After the failure of Republicans to repeal the Affordable Care Act, passing tax legislation has become all the more crucial, and it is no accident that the Trump administration has chosen the Hoosier State, a reliably Republican part of the country. It is also the home to Vice President Mike Pence, its former governor, and it has a Democratic senator, Joe Donnelly, whose support Trump may need to get a tax bill through Congress.
For Republicans who have been scarred buy the experience of seeing tax cuts lead to fiscal shortfalls in states such as Kansas, South Carolina and Tennessee, Indiana represents a case study of where tax cuts worked.
“Our history of being a state that has reduced the size of government, specifically through Pence tax cuts in 2013, makes us an example of ‘here’s these tax cuts,’ and then seeing economic growth,” said Justin Stevens, the Indiana director of the conservative activist group Americans for Prosperity.
As governor, Pence signed legislation modestly reducing personal income taxes and taxes on companies. Coinciding with that, the state’s economy grew and unemployment declined. As of last year, Indiana’s gross domestic product ranked 16th in the United States and its unemployment rate last month was 3.5 percent, below the national level of 4.4 percent.
Trump will make the case Wednesday that this is the recipe for economic success nationally, but some economists in the state are not certain that the local strategy can be replicated on a national scale. Michael J. Hicks, an economics professor at Ball State University, said it was too soon to say if the Pence tax cuts actually stimulated the state economy.
“On the right, you’re going to hear that by cutting taxes you’re going to have huge new tax revenues,” Hicks said. “But there’s no analysis that finds that.”

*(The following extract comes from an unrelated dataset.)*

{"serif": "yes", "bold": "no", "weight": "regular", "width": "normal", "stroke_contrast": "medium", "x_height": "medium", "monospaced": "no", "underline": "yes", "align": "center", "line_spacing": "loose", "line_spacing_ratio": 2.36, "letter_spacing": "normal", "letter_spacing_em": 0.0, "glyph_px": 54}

Indiana has also had to find new revenues to fund infrastructure projects and rebuild crumbling roads. This year, the state approved a 10-cents-per-gallon gasoline tax — a concept that is anathema to conservative orthodoxy.
Finding money to pay for the Trump administration’s ambitious tax plan will be one of the bigger puzzles. Republicans say they are counting on a surge in economic growth and on the elimination of deductions to make up a fiscal shortfall that tax experts have suggested could amount to trillions of dollars.

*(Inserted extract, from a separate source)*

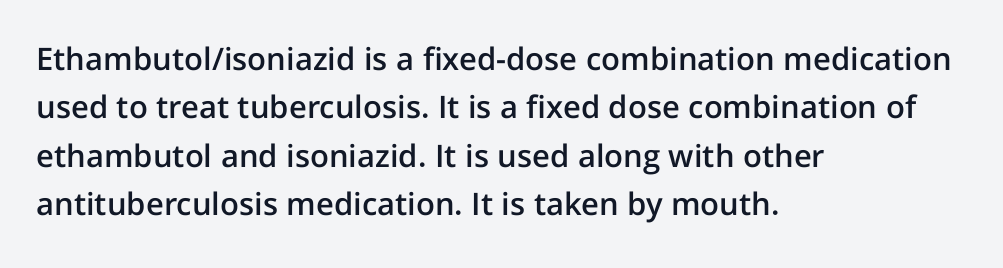
Type without underlining. The line texture is even and compact thanks to regular tracking. Interline gaps are of average width in this sample. Horizontal alignment here is leftward, the default for most running prose. Characters remain perfectly vertical along every line. These lines are composed in type without serifs.

Last week, members of the Senate Budget Committee agreed on a budget framework that would add to the federal deficit in order to pave the way for a $1.5 trillion tax cut over the next 10 years. The budget resolution still must pass both houses of Congress before work can begin in earnest on tax legislation, and some Republicans have already expressed reluctance.
Assessing the cost of the Republican tax framework will be difficult until more details are made available. Analyses of Trump’s previous plans and the House Republican blueprint from 2016 were estimated to reduce government revenues by between $3 trillion and $7 trillion over a decade.
After the failure to tackle health care with only Republican votes, Trump is expected to intensify his pitch to get Democrats on board with taxes.
Donnelly, who is seen as vulnerable in a state that voted overwhelmingly for Trump, is one of three senators who did not sign a letter from Democrats making demands that the tax plan not benefit the rich or add to the deficit. Trump will probably call him out directly Wednesday, as he did Sen. Heidi Heitkamp, D-N.D., during a recent rally.
During his meeting Tuesday with Republicans and Democrats from the House Ways and Means Committee, Trump also made a pitch for bipartisanship.
“It is time for both parties to come together and do what is right for the American people,” he said.
But garnering support from Democrats will not be easy.
“Trump asked for Democrats to jump on the caboose after the tax train has already left the station,” said Rep. Lloyd Doggett, D-Texas, who complained that lowering top tax rates and repealing the estate tax would be a boon for the wealthy. “I saw no Democrat ready to jump on board.”